Posted - 11/01/2006 :  23:42:15  Show Profile  Reply with Quote
Hi all!
I havent posted much for a long time because I've been doing much better. Most of my UBT as I call it ("upper body tension") which was my main problem for years has been mostly gone for several years. HOWEVER, just as things were looking good and staying good, I was in a car accident. So here I am again, looking for some feedback and advice.
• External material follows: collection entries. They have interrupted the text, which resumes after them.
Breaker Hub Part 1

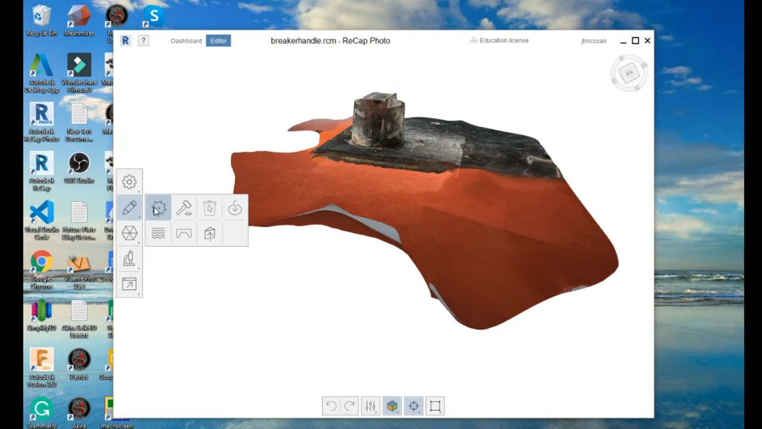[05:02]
and you have a ball that you orient.
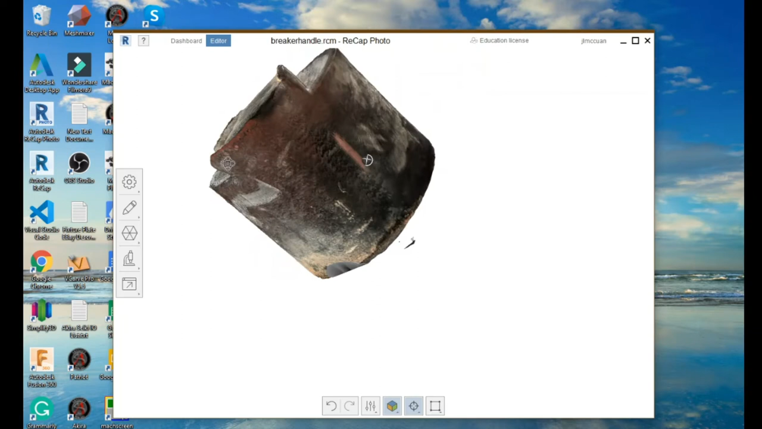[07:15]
which looks a little distorted because we have the mesh on.
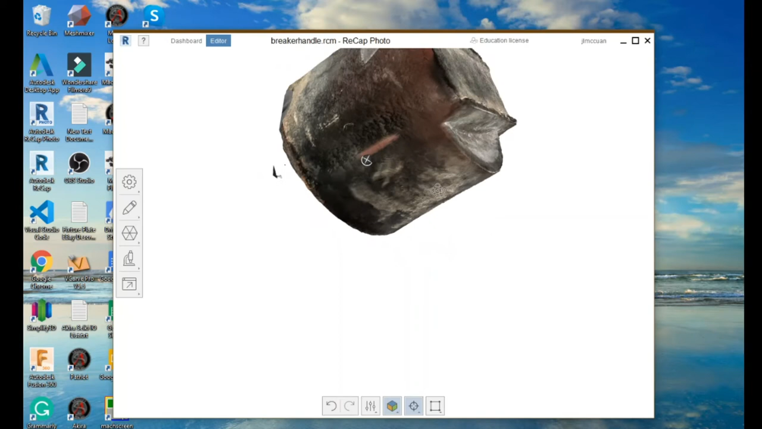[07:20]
But, the nice part about it is now we have something we can work with that's relatively accurate. And so, to get that into a CAD package that we can operate with, we're going to export it.
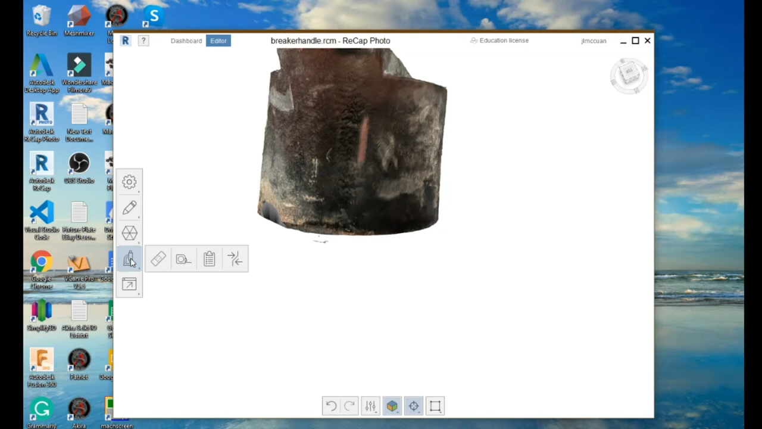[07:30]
And we're going to export it as a quad OBJ. So, instead of triangular faces, there's going to be four pointed faces,
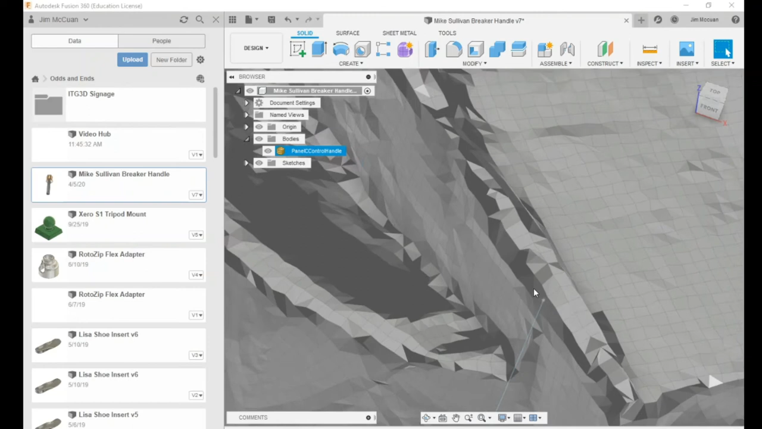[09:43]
And you see each of those little tiny squares is a face and you can see it doesn't have really nice crisp sharp edges to it.
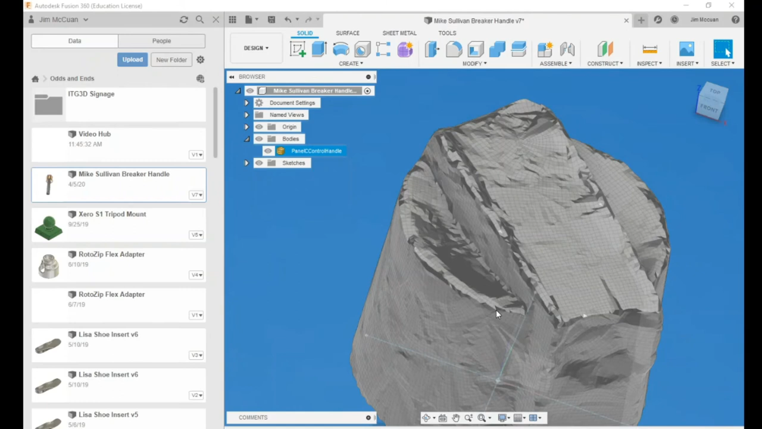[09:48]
Why doesn't it? Because the object does it.
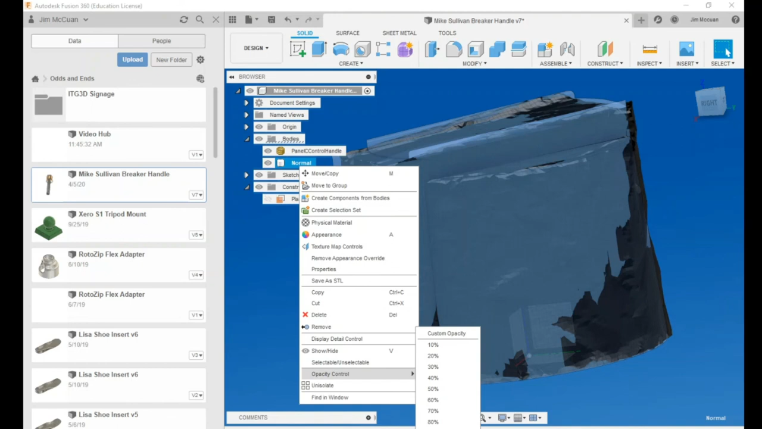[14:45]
We have a shape that looks like that.

I was stopped when rearended in my Accord by a van going somewhere between 15 and 30 mph (i'm guessing, I dont really know). He was just beginning to brake but hit me and pushed me into the minivan in front of me. It totaled the car but I didnt hit my head or anything. I felt fine at first but then had a burning sensation in my neck within ten minutes and was taken to the hospital. The Xrays checked out fine. I was stiff and sore for about 36 hours (went to work the next day and could function without painkillers fine). Then I felt fine, totally, for the next 5 days.
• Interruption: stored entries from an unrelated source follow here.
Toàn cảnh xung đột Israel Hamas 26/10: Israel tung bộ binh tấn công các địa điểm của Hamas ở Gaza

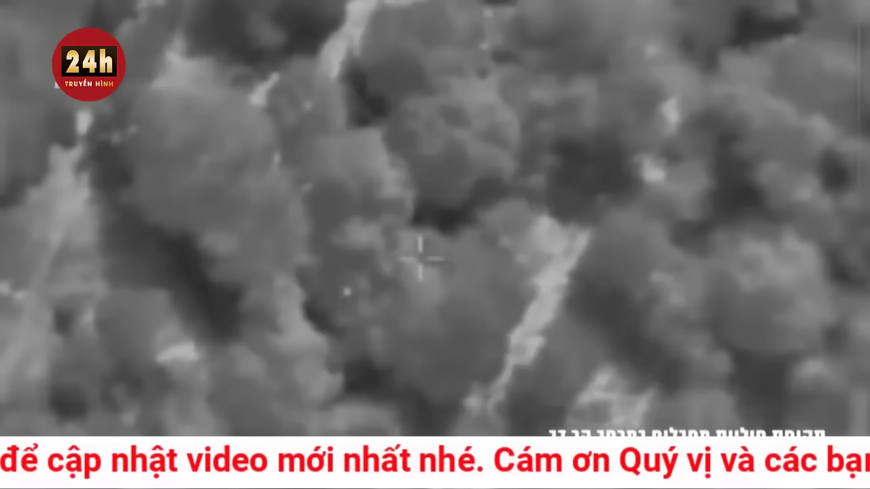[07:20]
Về phần mình, lực lượng phòng vệ Israel thông báo đã tiến hành hàng loạt cuộc không kích bằng máy
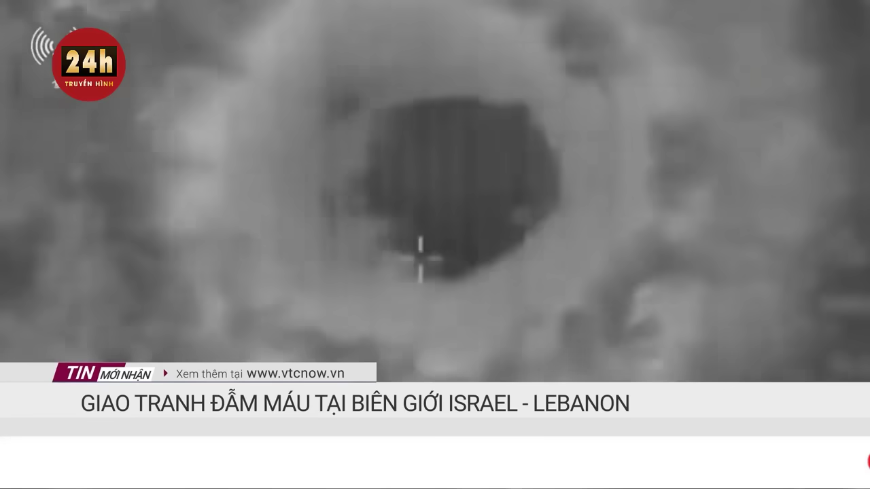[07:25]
bay không người lái và pháo kích vào nhiều mục tiêu khác nhau của Hekbollah ở miền nam Liban. Trong ngày 24 và 25 tháng 10, cuộc tấn công mới nhất được tiến hành vào chiều ngày 25 tháng 10 nhằm vào một số vị trí
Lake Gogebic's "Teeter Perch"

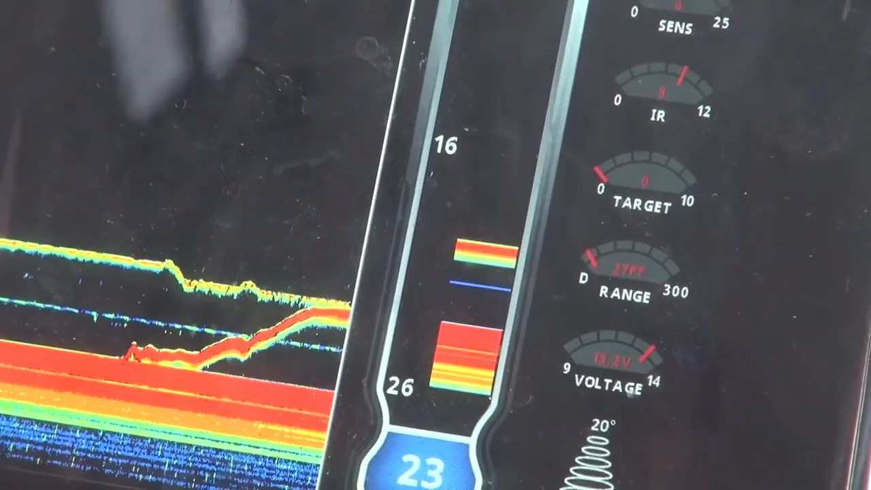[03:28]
Oh, there's one. Man, I tell you what.
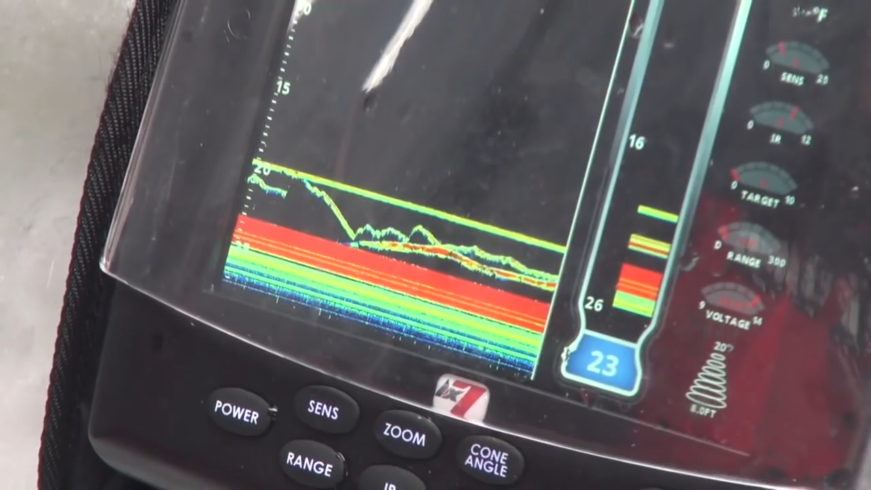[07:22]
Let's see here. He's right on it right now. That is awesome.
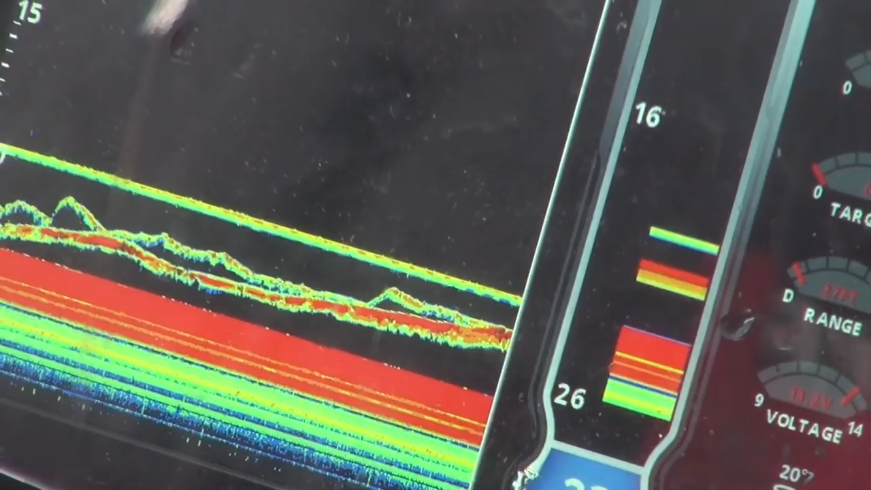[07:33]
There we go. Whoa, this is a big one. Oh my goodness. Let's get this other dead stick out of the way. This is, whoo!
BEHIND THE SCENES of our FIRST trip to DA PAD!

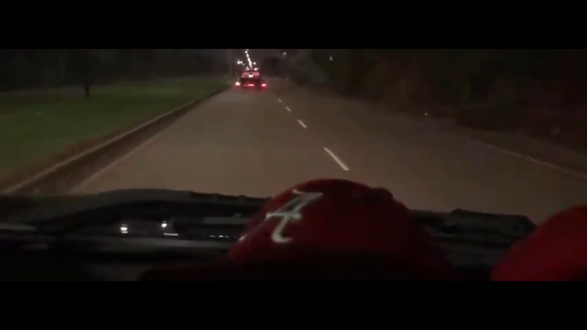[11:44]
headed into the race spot, and the police were already there with lights and sirens on warning us to get out.
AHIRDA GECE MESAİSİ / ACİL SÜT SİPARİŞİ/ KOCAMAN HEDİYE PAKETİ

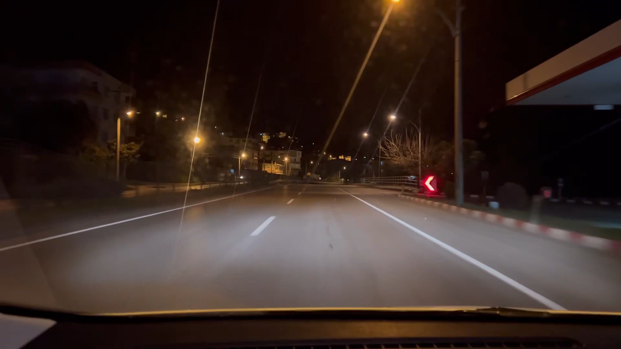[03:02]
Şöyle ana yolu da göstereyim sizlere. Bomboş. Arada bir tır geçiyor. Başka da bir şey yok. Ezan okunmaya başladı bu arada. Yemin vardı Allah'tan. Yemcide durmadım. Sabah var, akşama yok. Ama zaten gün içerisinde muhtemelen yemciye gideceğim.
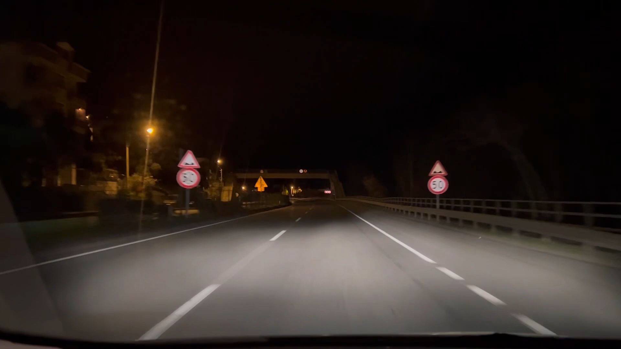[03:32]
O zaman alırım yeme. Aslında bir çay içsem mi ya? Bir çay içeyim ya gelelim. Petrole uğrayalım bakalım.
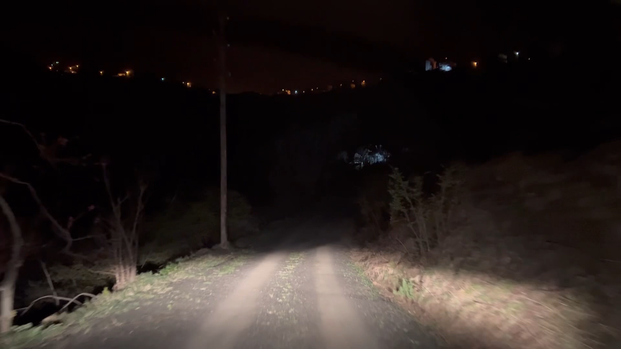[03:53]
Çiftliğe geldim sayılır. Bakalım şöyle yolda çakalar aslayabilecek miyiz? Çekim yapalım bakalım. Çiftliğe gidene kadar.

I felt twisted and painful days 6-8, then fine again basically for another week. Then I had a gig where I moved a lot of equipment fast (I'm a musician) and felt painful again after that. I'm now about a month out and I've had my worst 10 days since it happened, hands down. I helped my parents move and that seemed to precipitate this bout. I have some vertigo issues, stiffness and headaches. I'm feeling like I cant do any physical stuff (moving things around, yardwork) without precipitating headaches. I havent yet done anything PT or therapy, though my regular doctor prescribed PT, because I'm so suspicious of PT based on past negative experiences when I was battling fibromyalgia type symptoms.

While physical stuff precipitated or correlated with much of these bouts of pain, my first bout a week after the accident was not. It was correlated only with stress over buying a new car.

Needless to say, everyone and their dog has something negative to say about car accident recovery, including my favorite, from a piano teacher at my school: she knew someone who was fine then their teeth cracked six months later. (!)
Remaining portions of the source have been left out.